> **MATERIAL FOR THE TASK**:

◆ ◆ ◆ ◆ ◆ ◆ ◆

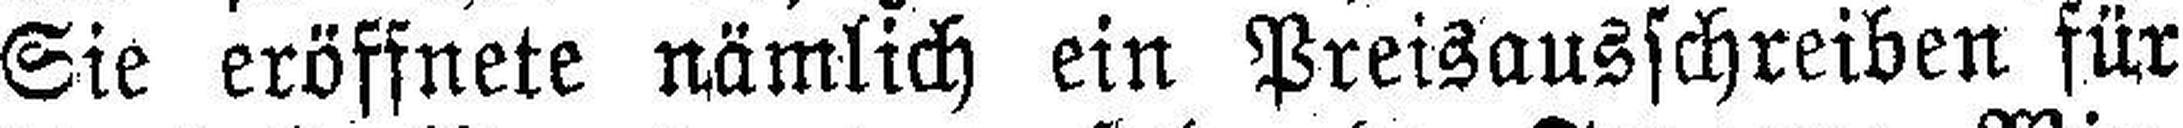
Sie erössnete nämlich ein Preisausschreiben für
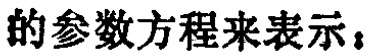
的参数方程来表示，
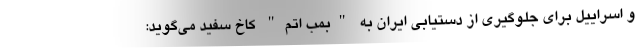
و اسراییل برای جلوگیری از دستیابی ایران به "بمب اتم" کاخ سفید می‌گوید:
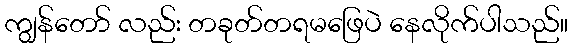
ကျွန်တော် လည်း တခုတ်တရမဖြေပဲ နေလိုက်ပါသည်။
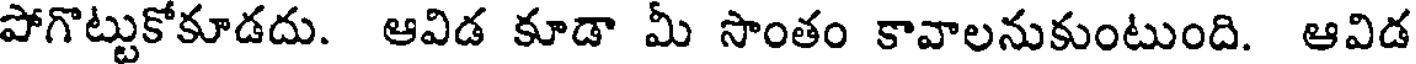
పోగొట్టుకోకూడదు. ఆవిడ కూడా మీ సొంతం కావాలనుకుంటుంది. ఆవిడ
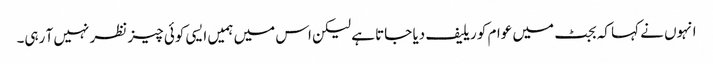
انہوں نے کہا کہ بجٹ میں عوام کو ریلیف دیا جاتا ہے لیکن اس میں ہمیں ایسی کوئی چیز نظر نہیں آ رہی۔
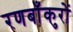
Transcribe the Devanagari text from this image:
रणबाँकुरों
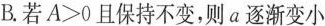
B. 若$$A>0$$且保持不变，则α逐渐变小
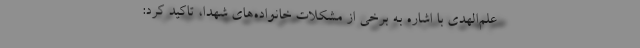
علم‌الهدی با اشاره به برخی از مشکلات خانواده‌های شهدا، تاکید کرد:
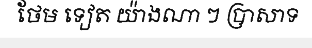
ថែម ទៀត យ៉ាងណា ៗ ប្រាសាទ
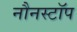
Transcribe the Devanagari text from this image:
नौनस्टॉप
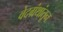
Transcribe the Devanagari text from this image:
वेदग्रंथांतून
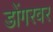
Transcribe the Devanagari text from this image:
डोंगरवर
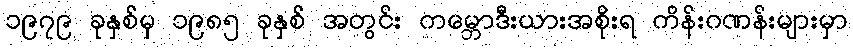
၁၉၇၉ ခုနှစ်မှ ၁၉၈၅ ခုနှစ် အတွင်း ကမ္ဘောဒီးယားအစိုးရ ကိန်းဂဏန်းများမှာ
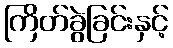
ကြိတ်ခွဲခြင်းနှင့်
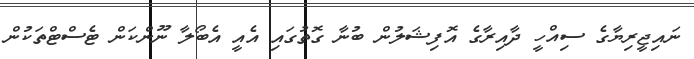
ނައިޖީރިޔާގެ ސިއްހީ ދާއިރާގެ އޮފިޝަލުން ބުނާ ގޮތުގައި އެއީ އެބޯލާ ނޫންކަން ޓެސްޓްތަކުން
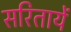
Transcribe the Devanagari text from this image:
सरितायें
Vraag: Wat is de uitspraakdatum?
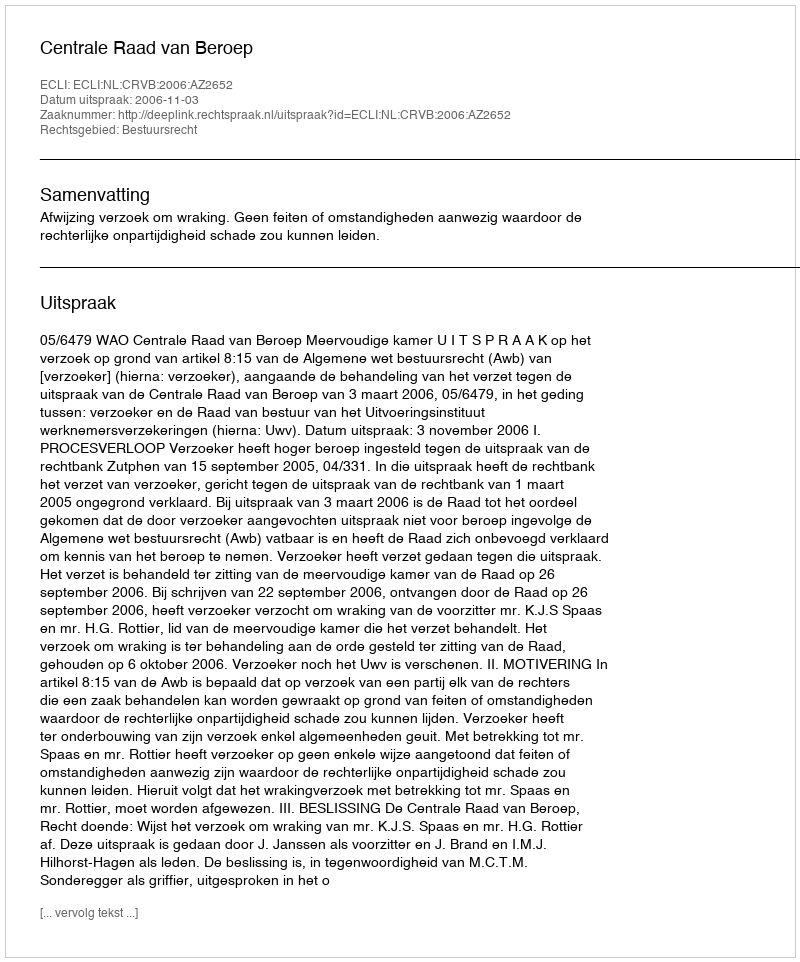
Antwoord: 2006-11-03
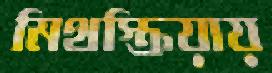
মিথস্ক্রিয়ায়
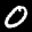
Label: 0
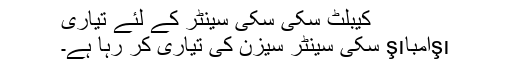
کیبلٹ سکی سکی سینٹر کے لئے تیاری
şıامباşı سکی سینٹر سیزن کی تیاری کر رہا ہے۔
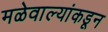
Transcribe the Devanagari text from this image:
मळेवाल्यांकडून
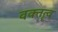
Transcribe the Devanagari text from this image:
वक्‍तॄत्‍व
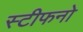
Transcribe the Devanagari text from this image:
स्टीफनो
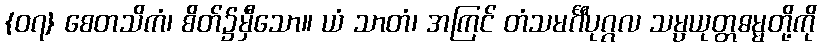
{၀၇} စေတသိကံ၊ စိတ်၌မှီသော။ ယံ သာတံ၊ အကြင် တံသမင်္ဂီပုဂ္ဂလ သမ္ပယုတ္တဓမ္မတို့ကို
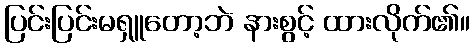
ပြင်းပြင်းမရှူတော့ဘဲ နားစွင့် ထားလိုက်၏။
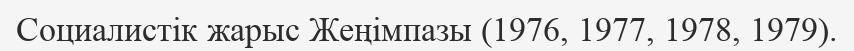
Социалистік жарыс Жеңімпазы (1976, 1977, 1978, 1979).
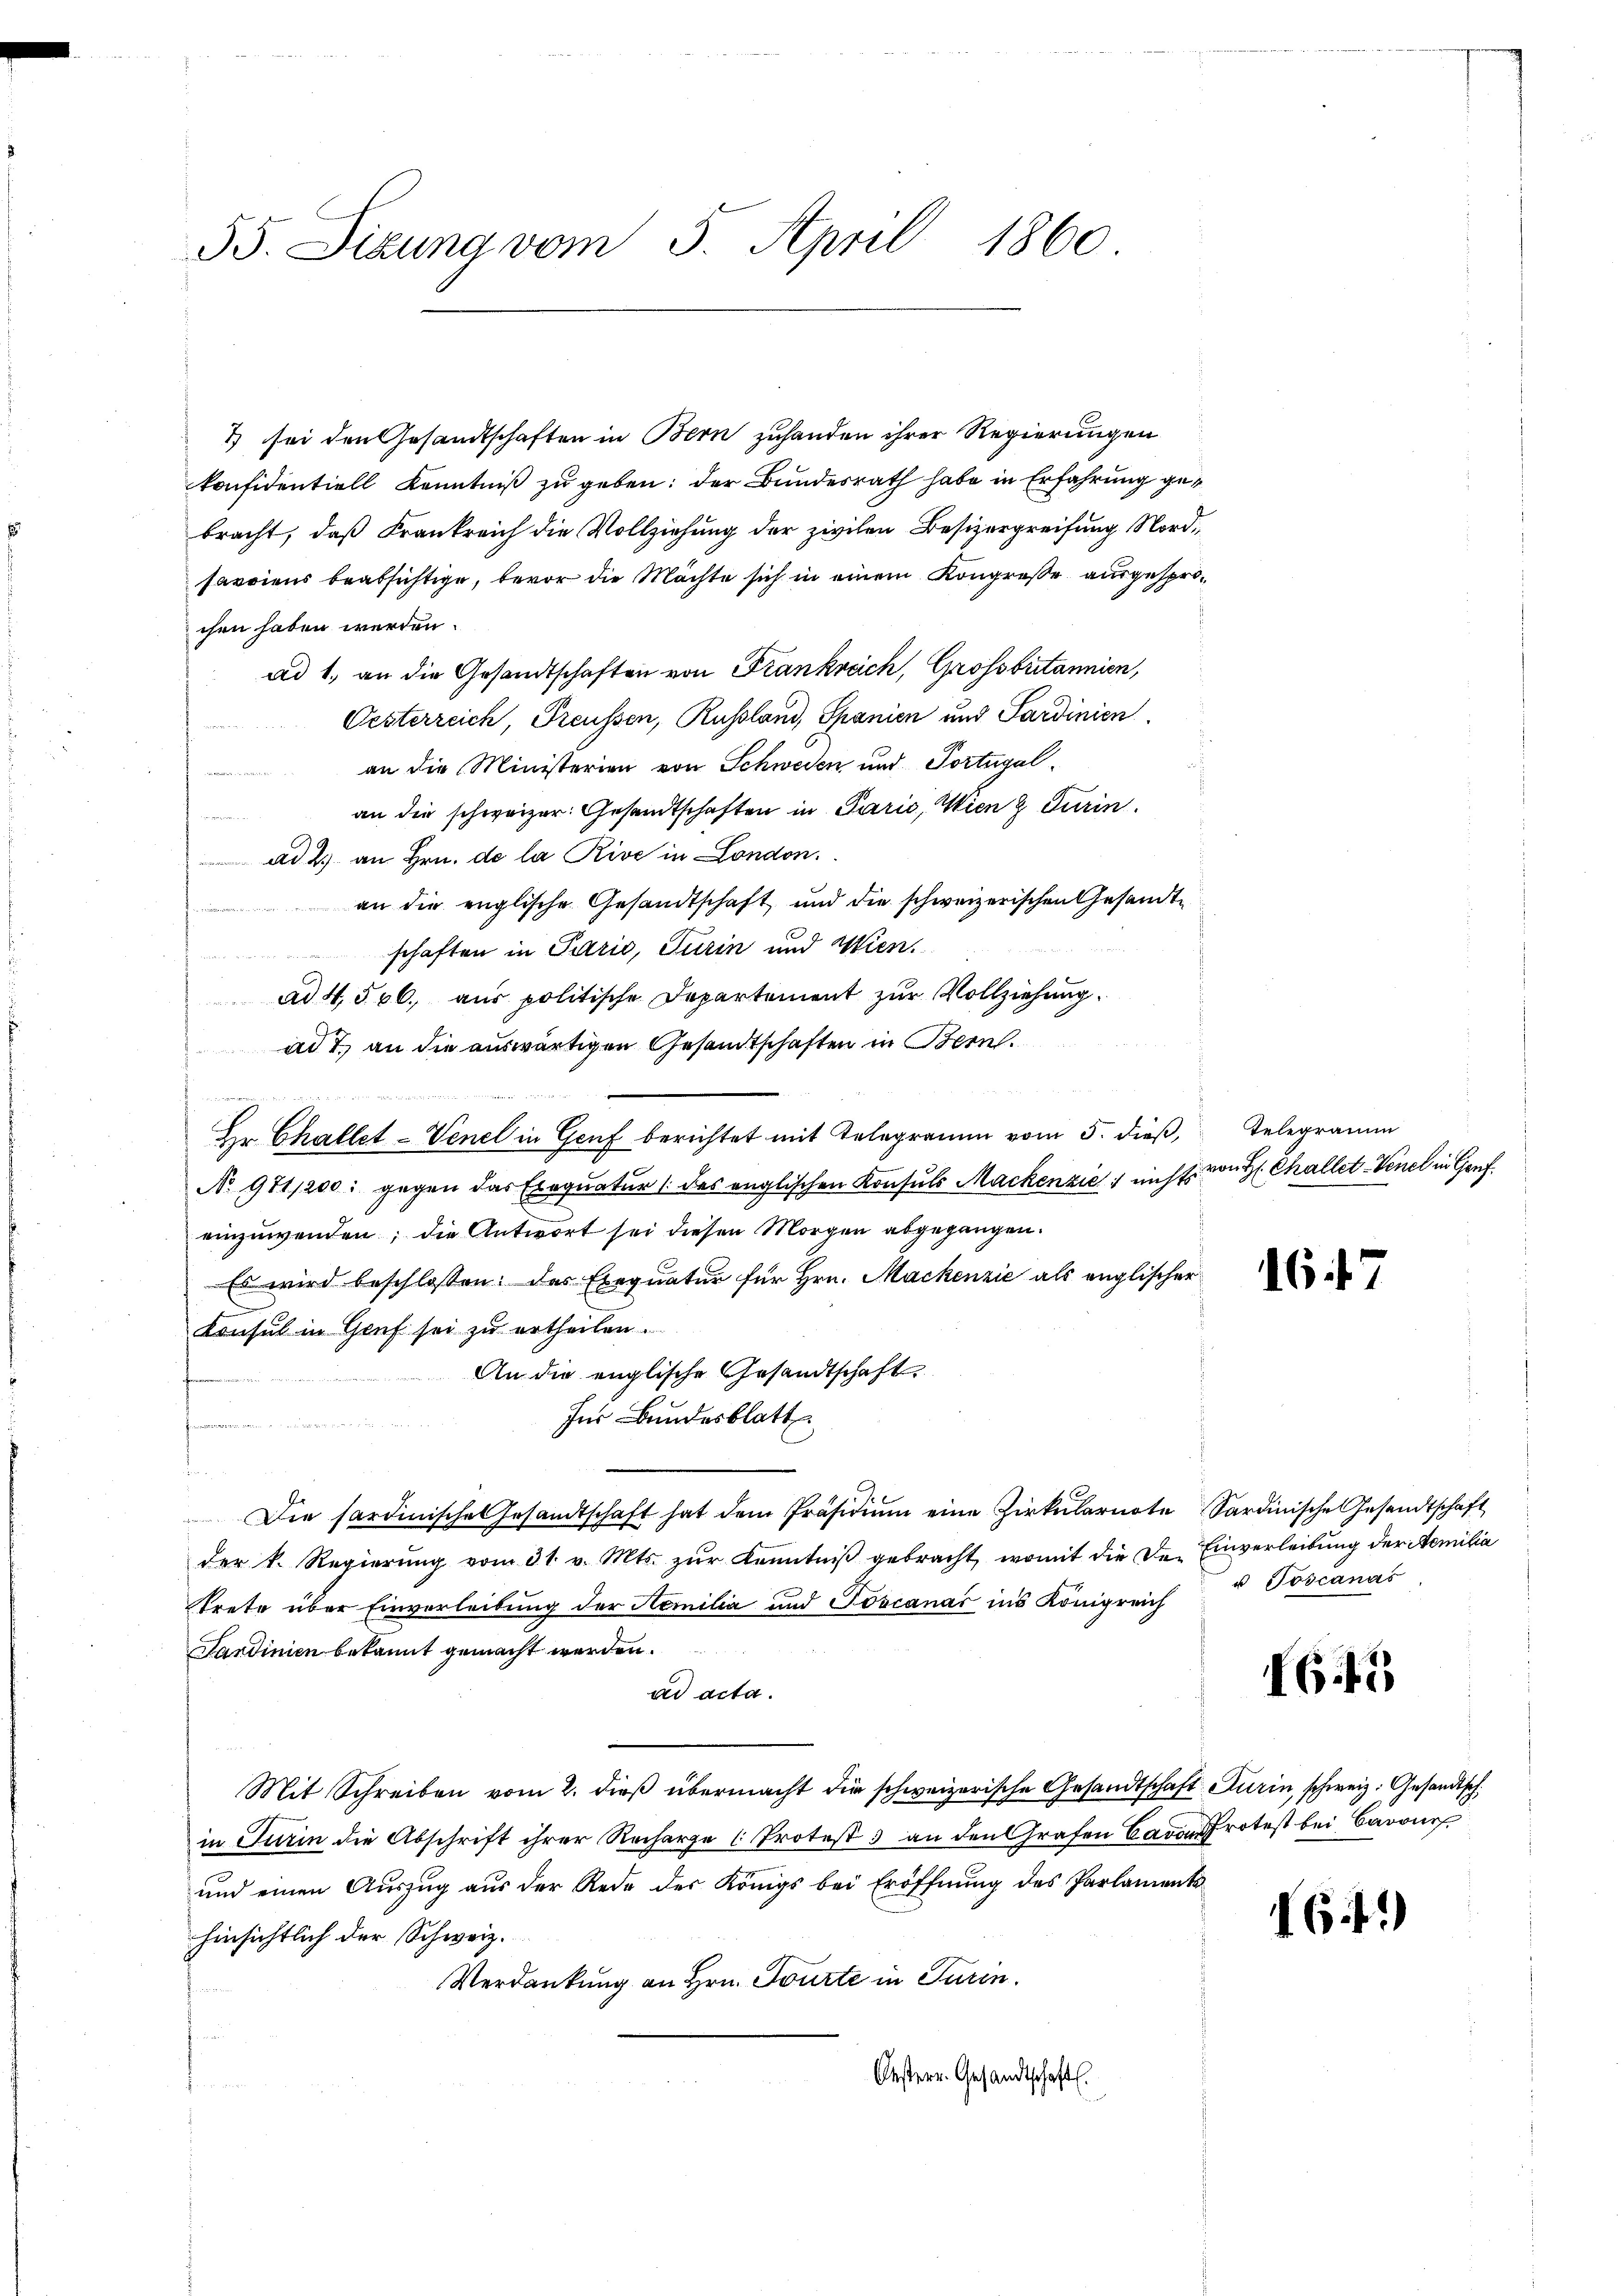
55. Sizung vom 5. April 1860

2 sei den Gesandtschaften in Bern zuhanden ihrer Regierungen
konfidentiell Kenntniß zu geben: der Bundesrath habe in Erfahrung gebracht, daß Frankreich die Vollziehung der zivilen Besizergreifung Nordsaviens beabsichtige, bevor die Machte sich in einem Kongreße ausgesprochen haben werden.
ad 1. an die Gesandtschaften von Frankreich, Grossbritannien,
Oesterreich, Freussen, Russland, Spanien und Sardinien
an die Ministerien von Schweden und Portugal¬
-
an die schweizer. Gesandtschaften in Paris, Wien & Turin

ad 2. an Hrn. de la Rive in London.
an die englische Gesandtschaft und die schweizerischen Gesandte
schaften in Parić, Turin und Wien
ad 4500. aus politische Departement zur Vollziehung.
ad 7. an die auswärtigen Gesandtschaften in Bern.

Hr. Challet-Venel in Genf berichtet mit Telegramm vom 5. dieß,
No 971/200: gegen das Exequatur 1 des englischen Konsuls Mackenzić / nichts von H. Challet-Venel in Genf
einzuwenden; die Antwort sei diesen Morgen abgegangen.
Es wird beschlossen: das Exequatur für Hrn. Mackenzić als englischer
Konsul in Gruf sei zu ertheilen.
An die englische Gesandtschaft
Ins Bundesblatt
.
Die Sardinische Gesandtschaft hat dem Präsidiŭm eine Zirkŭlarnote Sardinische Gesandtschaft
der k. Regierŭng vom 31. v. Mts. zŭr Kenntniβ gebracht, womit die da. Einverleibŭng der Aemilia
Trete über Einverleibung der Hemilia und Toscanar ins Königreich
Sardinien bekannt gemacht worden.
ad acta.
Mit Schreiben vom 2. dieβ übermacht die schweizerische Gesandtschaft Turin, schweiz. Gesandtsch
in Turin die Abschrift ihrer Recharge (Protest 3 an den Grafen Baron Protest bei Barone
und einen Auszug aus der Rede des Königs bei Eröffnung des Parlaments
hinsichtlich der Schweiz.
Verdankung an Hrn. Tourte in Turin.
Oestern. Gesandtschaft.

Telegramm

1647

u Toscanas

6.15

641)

◆ ◆ ◆ ◆ ◆ ◆ ◆

> **TASK TO CARRY OUT**:
Write out exactly the run of lines above that starts at the line containing "အကြင် တံသမင်္ဂီပုဂ္ဂလ သမ္ပယုတ္တဓမ္မတို့ကို" and ends at the line containing "2 sei den Gesandtschaften". Include both, and leave the pictures out.

> **RESULT OF THE TASK**:
{၀၇} စေတသိကံ၊ စိတ်၌မှီသော။ ယံ သာတံ၊ အကြင် တံသမင်္ဂီပုဂ္ဂလ သမ္ပယုတ္တဓမ္မတို့ကို
ပြင်းပြင်းမရှူတော့ဘဲ နားစွင့် ထားလိုက်၏။
Социалистік жарыс Жеңімпазы (1976, 1977, 1978, 1979).
55. Sizung vom 5. April 1860

2 sei den Gesandtschaften in Bern zuhanden ihrer Regierungen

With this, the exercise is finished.